Moving Day
When I started this newsletter in the fall of 2022, I was fairly transparent about my goals. Rather than continue to pitch sluggish and non-paying journals, I wanted a place to test ideas and write more responsively. And if a generous core readership happened to be interested in contributing something to the cause of my subsistence, all the better. Writing is a lot of work, which nobody asked for, and I’m truly happy that it’s found a few of you along the way.
I’m sending this email to update you on my plans for this space. Starting this week, I’ve decided to migrate this newsletter to a new home, at www.recent-songs.com. My reasons are several; but let me say straightaway that for you, the subscriber, nothing will change. You will continue to receive the newsletter to your inbox as before; you will enjoy access to the same content, depending on whether your subscription is free or paid. The newsletter is now powered by Ghost, which uses the same billing service as Substack, and everything ought to continue uninterrupted. If you have any questions or concerns, please reach out to me directly.

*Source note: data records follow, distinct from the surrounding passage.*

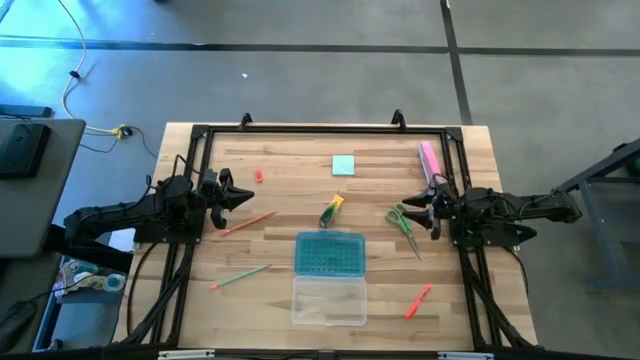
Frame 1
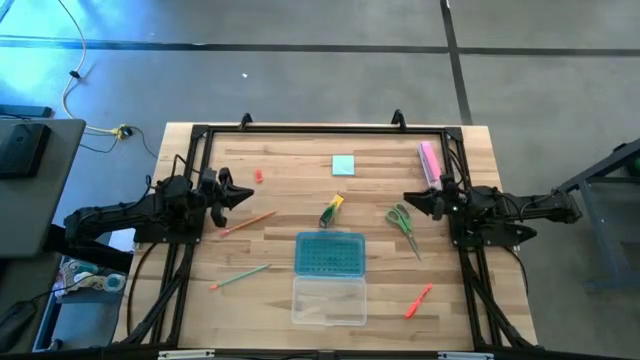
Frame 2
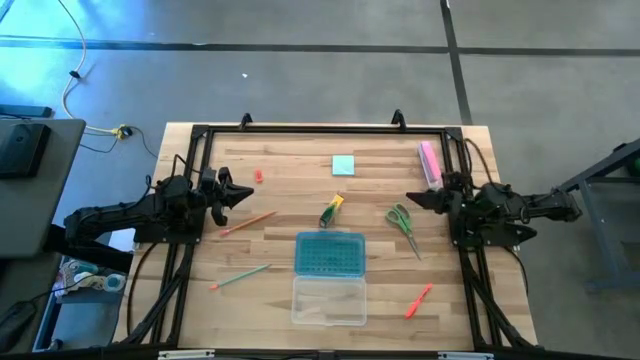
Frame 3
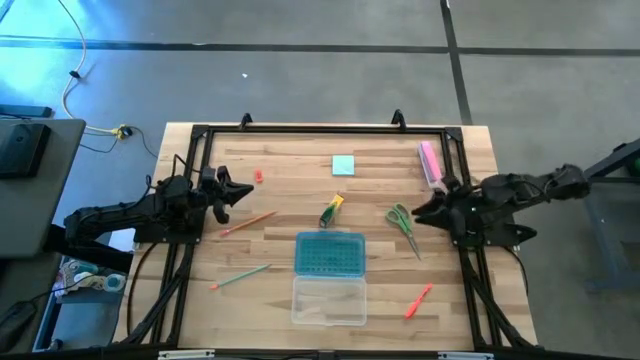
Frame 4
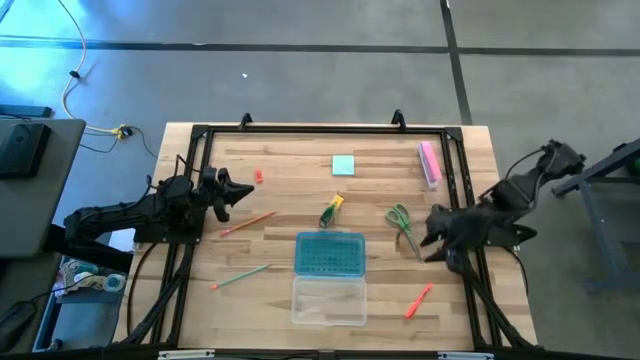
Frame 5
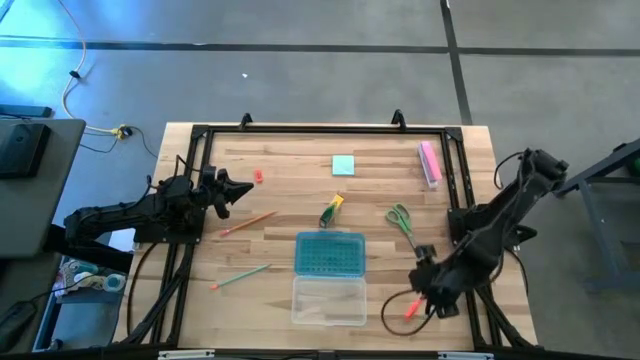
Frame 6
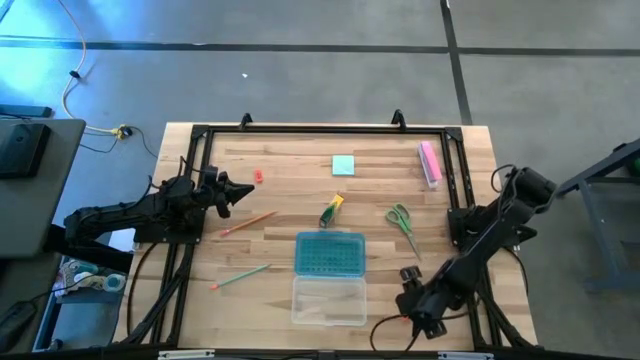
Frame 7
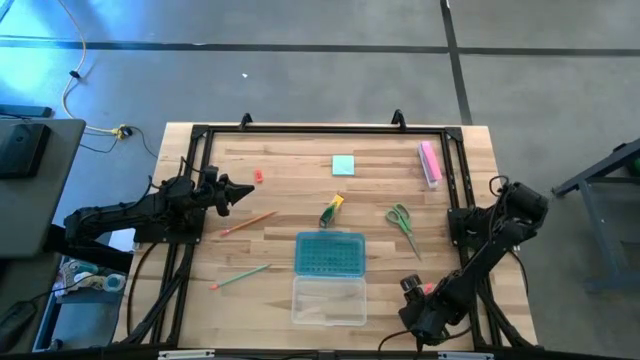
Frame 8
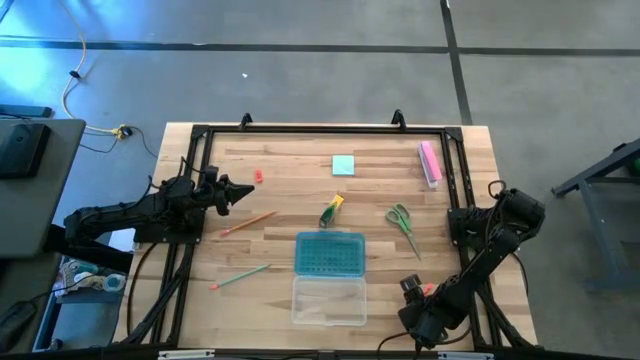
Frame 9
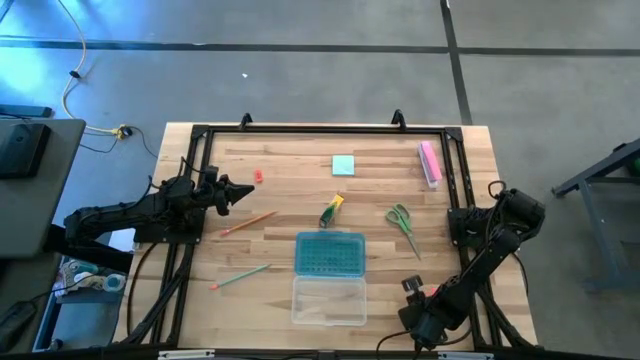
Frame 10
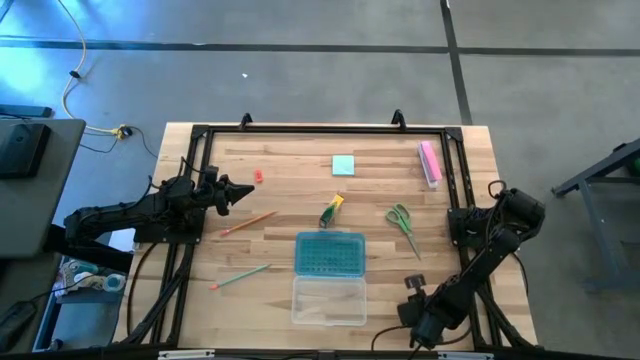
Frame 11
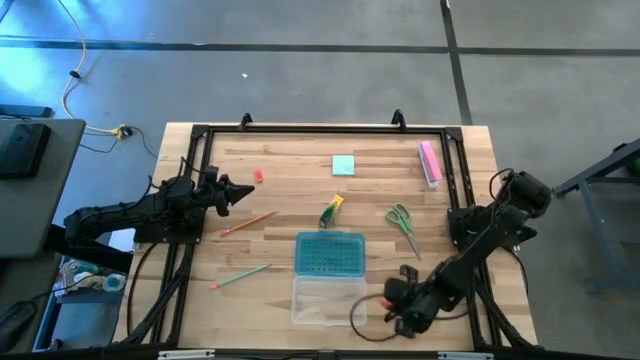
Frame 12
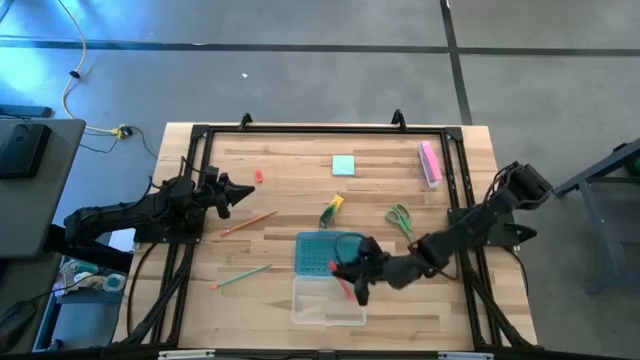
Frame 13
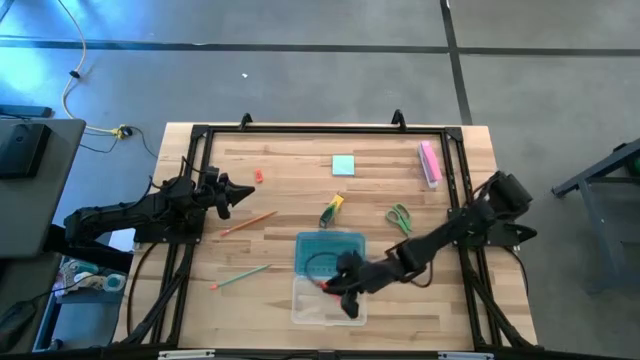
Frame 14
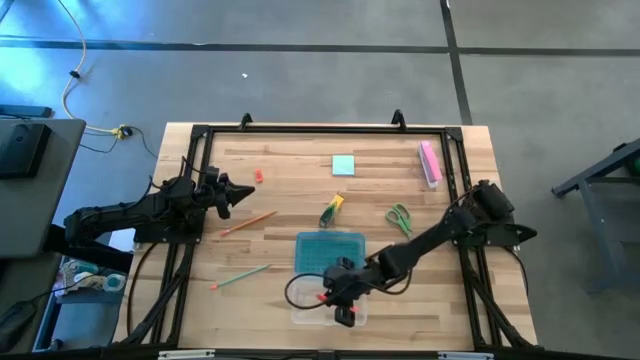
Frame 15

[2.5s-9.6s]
Task: Pack school essentials
Put the orange pen into the supply box

Now to the reasons for this shift. It took me some time to find my footing with this format, in tone and topic alike. And while I realize that the newsletter is starting to look like an obituary column in light of endless bad news—RIP Damo Suzuki—I’m happy with the overall direction and want to focus on growing this project over the next year. There are a lot of things I’d like to write about in this medium, and if you’re still interested, the best thing that you can do to help me achieve this goal is to share and recommend this writing as it finds you. Maintaining my own domain means extra expense, so if you’re digging what I’m doing here, feel free to tell somebody.

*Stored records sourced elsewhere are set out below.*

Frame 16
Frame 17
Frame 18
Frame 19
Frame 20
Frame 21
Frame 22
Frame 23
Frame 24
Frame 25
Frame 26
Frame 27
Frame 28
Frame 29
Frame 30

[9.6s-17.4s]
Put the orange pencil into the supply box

Before pouring more work into the newsletter, however, I had to take stock of the pros and cons of continuing here. I like Substack: I find it to be user-friendly and legible. I’ve experienced community with interesting people on this site, and of course I’ll continue to read their work and be in touch. This page and what I’ve done so far will remain. But everybody here knows of the growing exodus, of both writers and readers, as Substack not only refuses to vet far-right content but courts and supports some truly repellent characters. Damon Krukowski would likely be the most sensible voice of concern among those who have stayed, and I’d recommend him on the topic.

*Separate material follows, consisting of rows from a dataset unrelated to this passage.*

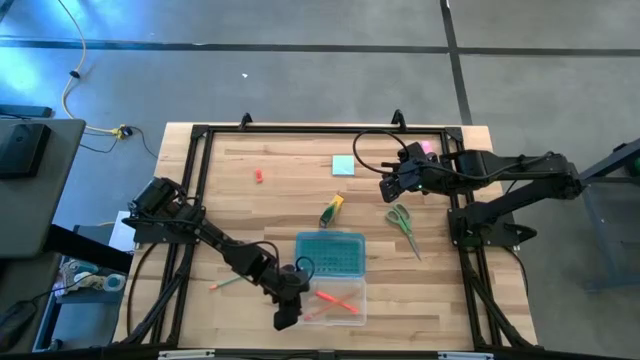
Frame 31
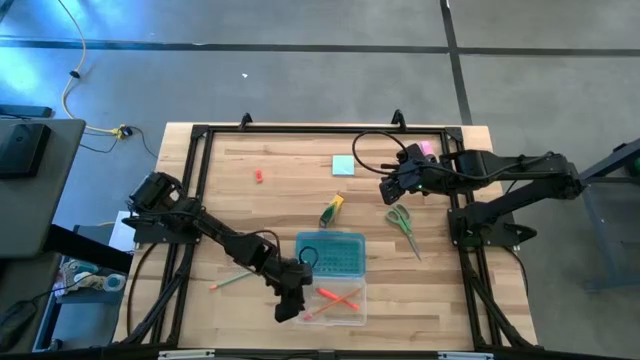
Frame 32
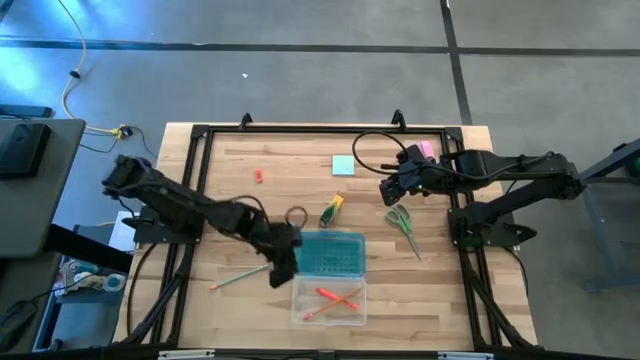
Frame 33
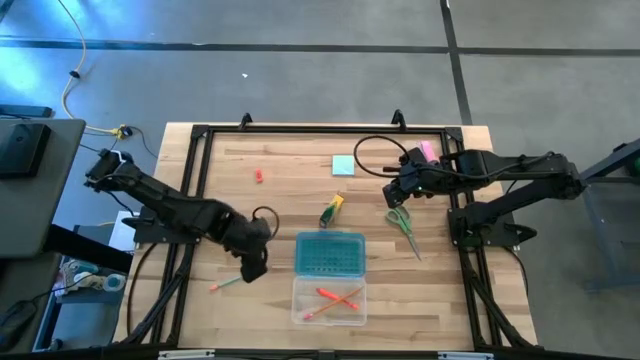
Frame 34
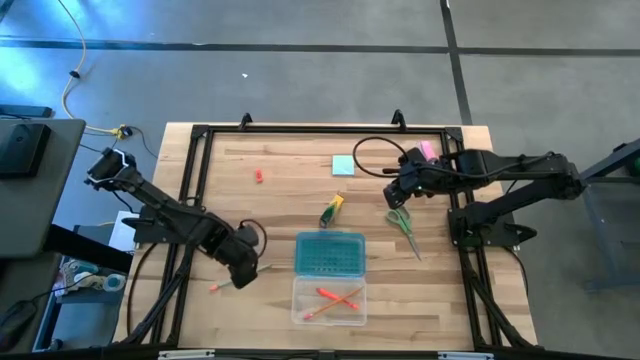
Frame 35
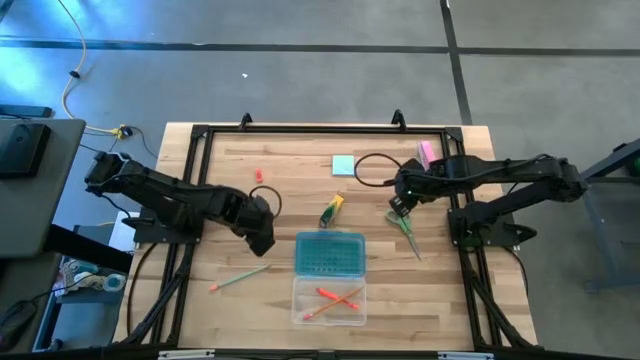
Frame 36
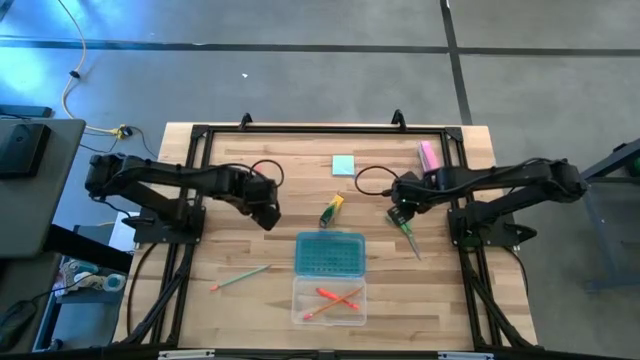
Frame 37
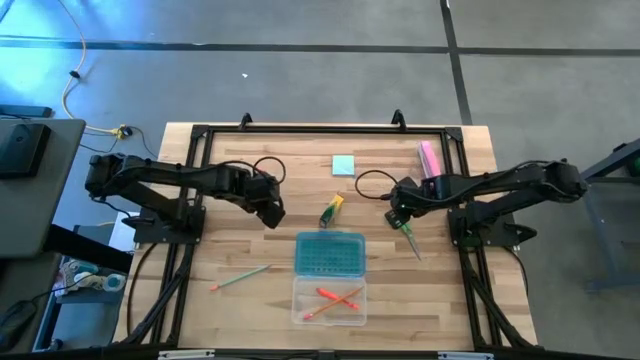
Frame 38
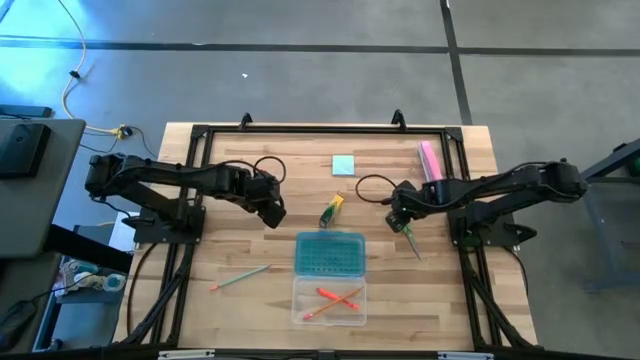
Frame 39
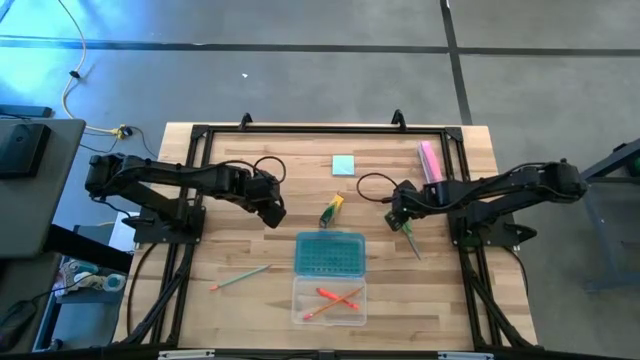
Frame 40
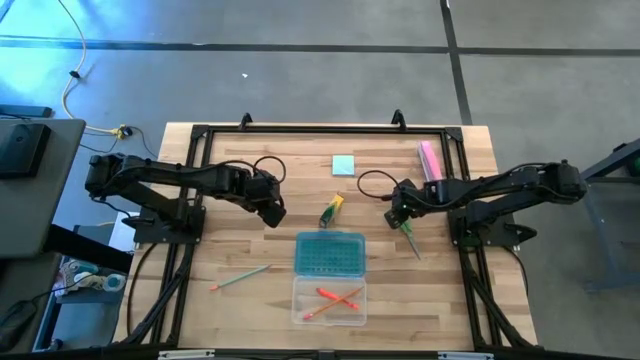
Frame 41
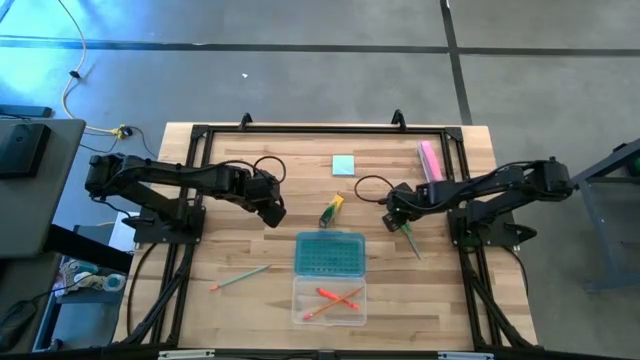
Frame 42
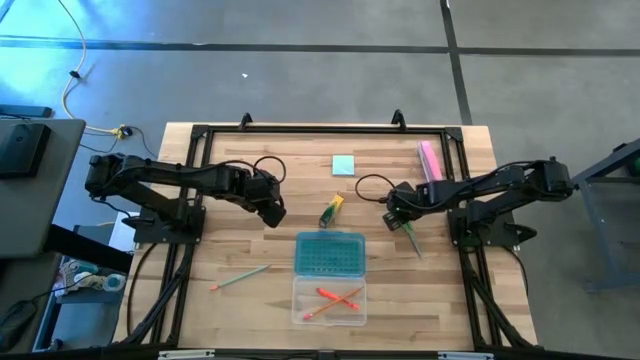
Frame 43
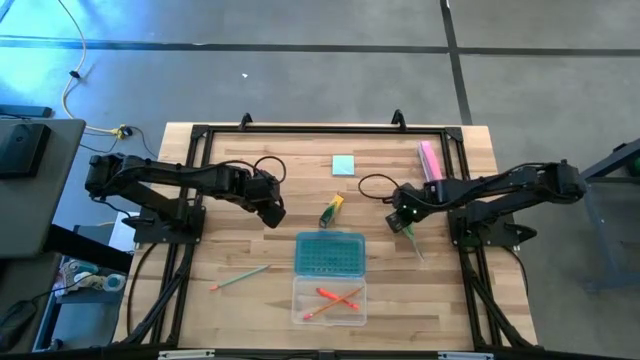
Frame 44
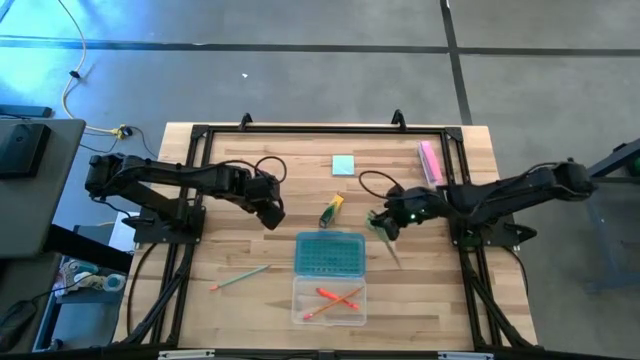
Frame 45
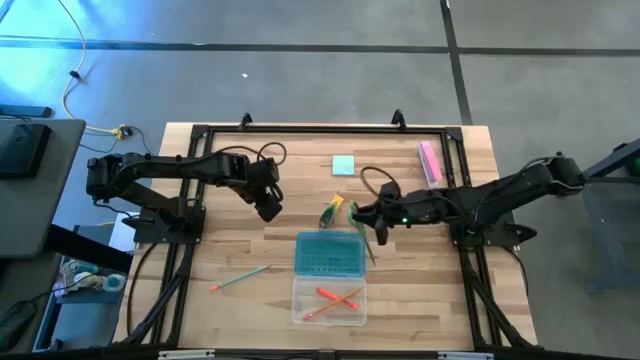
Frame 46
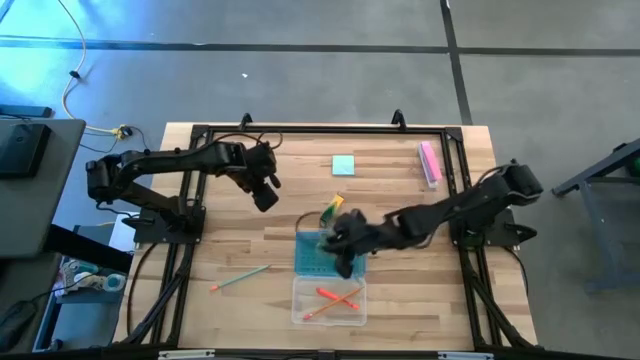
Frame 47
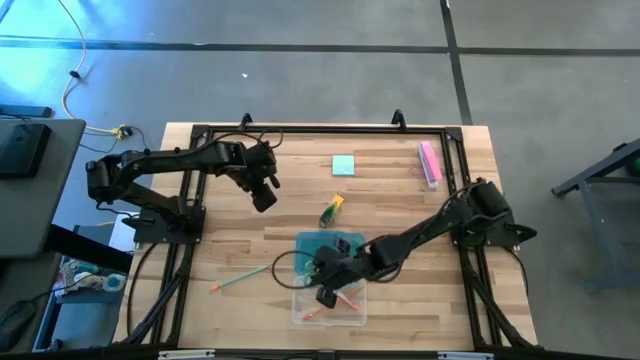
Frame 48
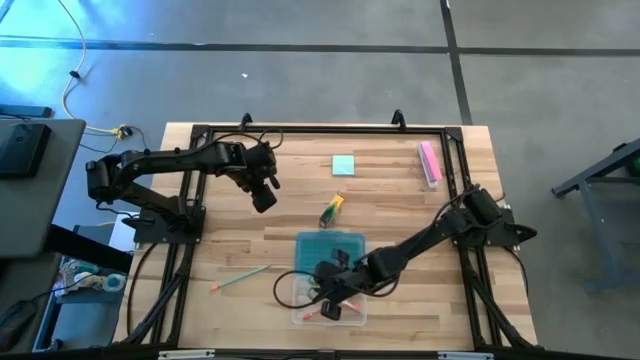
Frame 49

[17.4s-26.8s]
Put the green scissors into the supply box

Now, the most disturbing corners of Substack are only an online microcosm of a rapidly fascisizing society. X, formerly Twitter, is also overrun with would-be race scientists and obsequious Elon-ites. There isn’t any space online where the far-right isn’t amply represented. But on Substack, the fuckers make bank; that’s the business model. That said, the company has entered damage control mode, and has even removed several publications for “inciting violence” in the last month. This move follows the publication of a high-profile open letter from several hundred Substack authors, concerned with what Jonathan Katz has called the platform’s “Nazi problem.”
Regarding this letter, I want to add a point of qualification. Its signatories include writers whose politics I would also characterize as unconscionable; who themselves publish neo-Nazi apologia so long as it concerns NATO’s proxy militias; writers who openly cheer the genocide in Gaza; and so on. Surely neo-Nazis should be chased off of this platform, and from anywhere they gather. But there are lots of leering fascists on Substack who hold themselves apart from its contaminating culture, and the last straw for me arrives in an only apparently more respectable guise.
Substack has an equally compelling transphobia problem, and many of its best-read newsletters are from disgraced contrarians waging relentless war on queer and trans youth; bilious “truth-tellers” who have cultivated large, and lucrative, followings from their knee-jerk vendetta. Social killers who insist on staging endless referenda on the basic rights of trans people to healthcare and to public space. If we’re making historical analogies to Nazism, let’s not forget these creeps.
Once more, hatred proliferates on any platform; my friends here have no truck with it, I know. But when I saw what Substack’s own “Culture” tab was peddling to me yesterday, I reached a personal limit. Every corner of the internet is similarly beset; but I need to find a place to share my writing where it will never be cross-referenced with the projects of my lifelong enemies.
So we’re moving house. I’m sure you’ll understand; and if you keep writing here yourself, I’m equally sure that you’ll keep standing up to the losers and hacks as you encounter them. But after this week, you can find my content, and the archive, at www.recent-songs.com. Thank you again for your continued support.